Mais avant même l’accès de Benoît XVI sur le siège de Pierre, dès la fin du pontificat de Jean-Paul II, nous pouvions constater un réel changement de Rome vis-à-vis de ceux qui voulaient garder la messe tridentine. Ce changement se manifesta déjà en la fameuse lettre de 1984 « Quottuor abhinc annos ». Les évêques avaient la possibilité de concéder un indult pour la célébration de la messe antique. Puis en 1986, Rome reconnaissait que cette messe n’avait pas été abolie. Le cardinal Stickler le confessa publiquement en 1995. Jean Paul II publia enfin son Motu Proprio « Ecclesia Dei Adflicta », en 1986, qui, tout en condamnant Mgr Lefebvre, en raison des sacres accomplis, demandait aux Evêques de se montrer accueillants pour « les fidèles de la tradition »… Le retour était lancé. On ne reviendrait pas en arrière, le cardinal Stickler le certifiait. Et de fait, on ne revint pas en arrière. Il accepta même en 2001, la création d’une administration apostolique pour les pères de Campos, fidèles de Mgr de Castro Mayer, avec exemption de l’ordinaire du lieu, droit exclusif dans leurs églises du rite tridentin, et juridiction propre et personnel sur les fidèles choisissant cette messe.

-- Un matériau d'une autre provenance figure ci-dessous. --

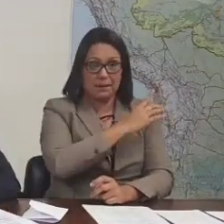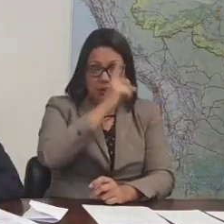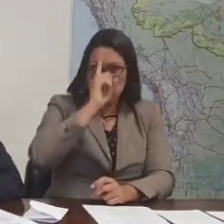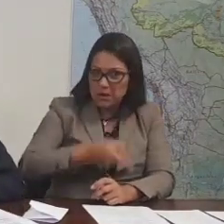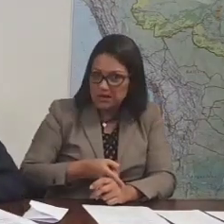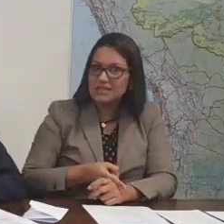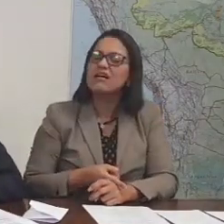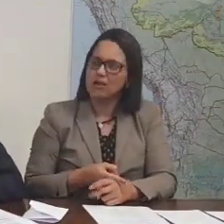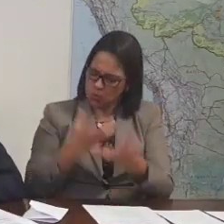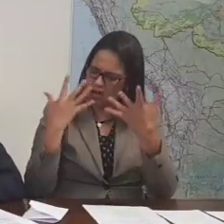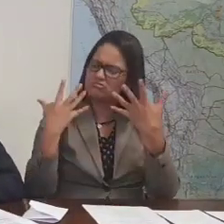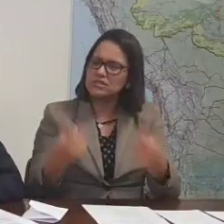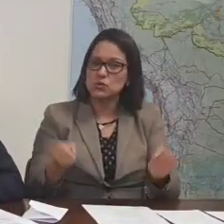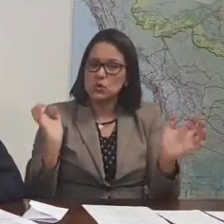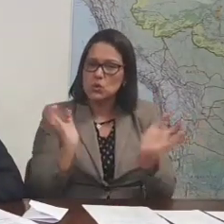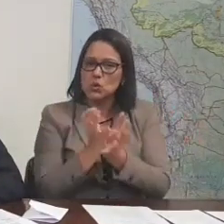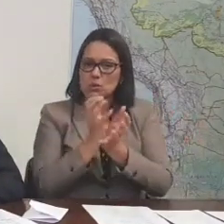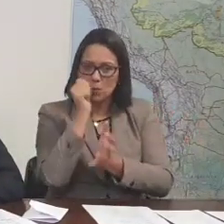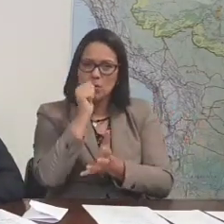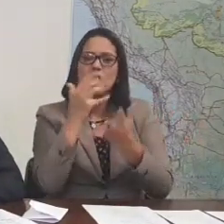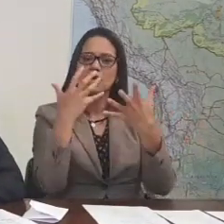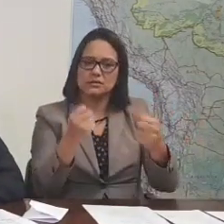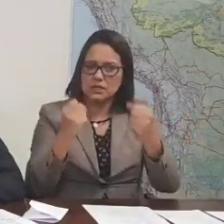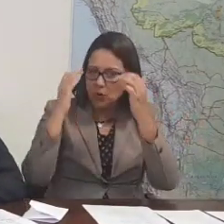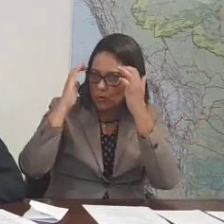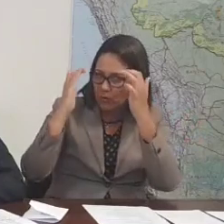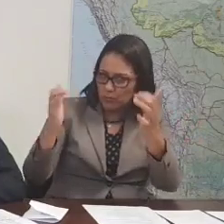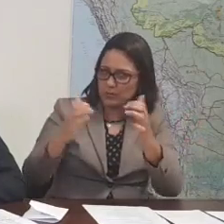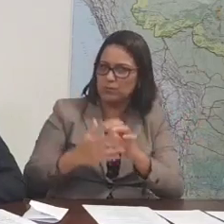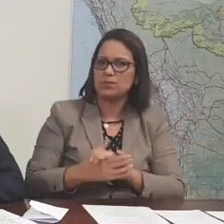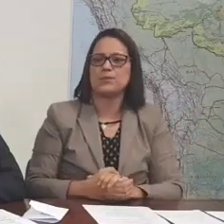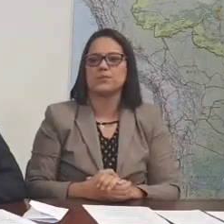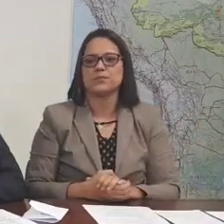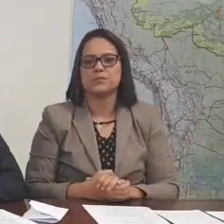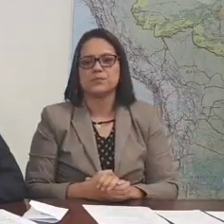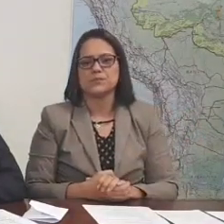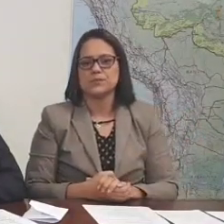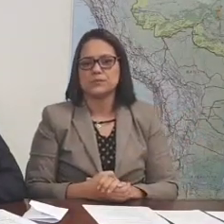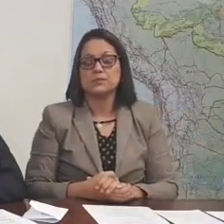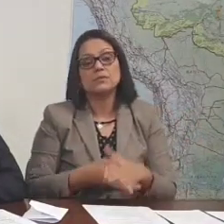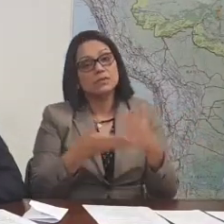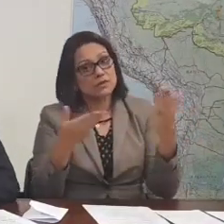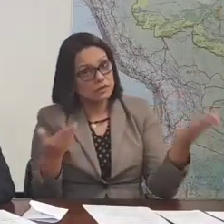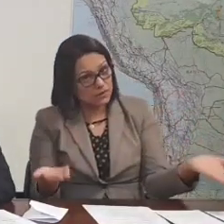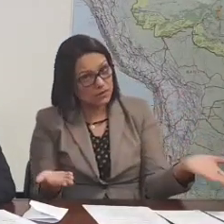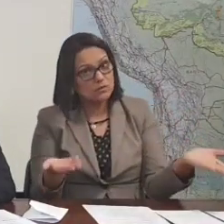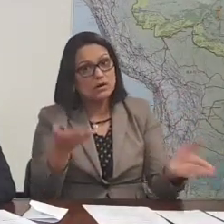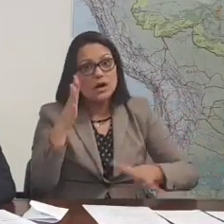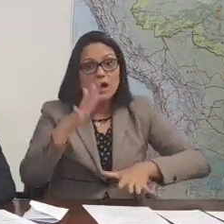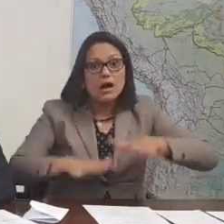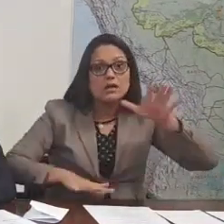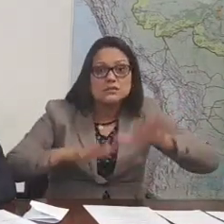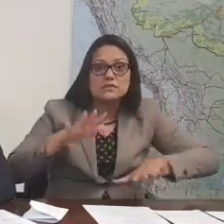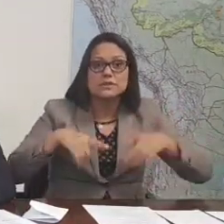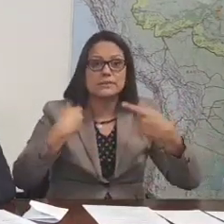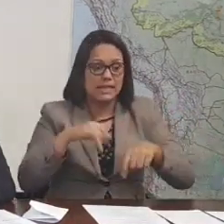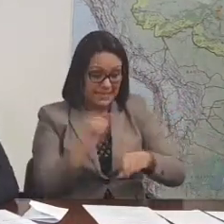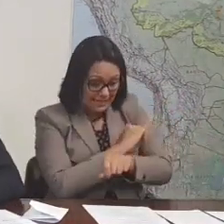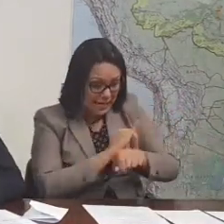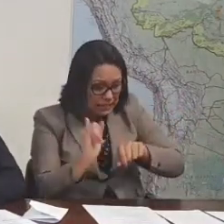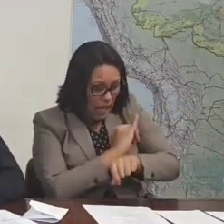obedecemos. Aqui é o time feminino que obedece. Então, presidente, é isso. Às vezes, a gente tem que mudar de

MBCF, j’aime cette Eglise romaine que l’Esprit Saint ne cesse d’inspirer, de protéger, de garder fidèle au milieu des plus grandes tribulations. C’est auprès d’elle et en elle que je trouve le salut, par ses sacrements, comme le lépreux et le Centurion le trouvèrent auprès du Christ Jésus. Du reste, L’Eglise n’est que Jésus Christ continué dans le temps.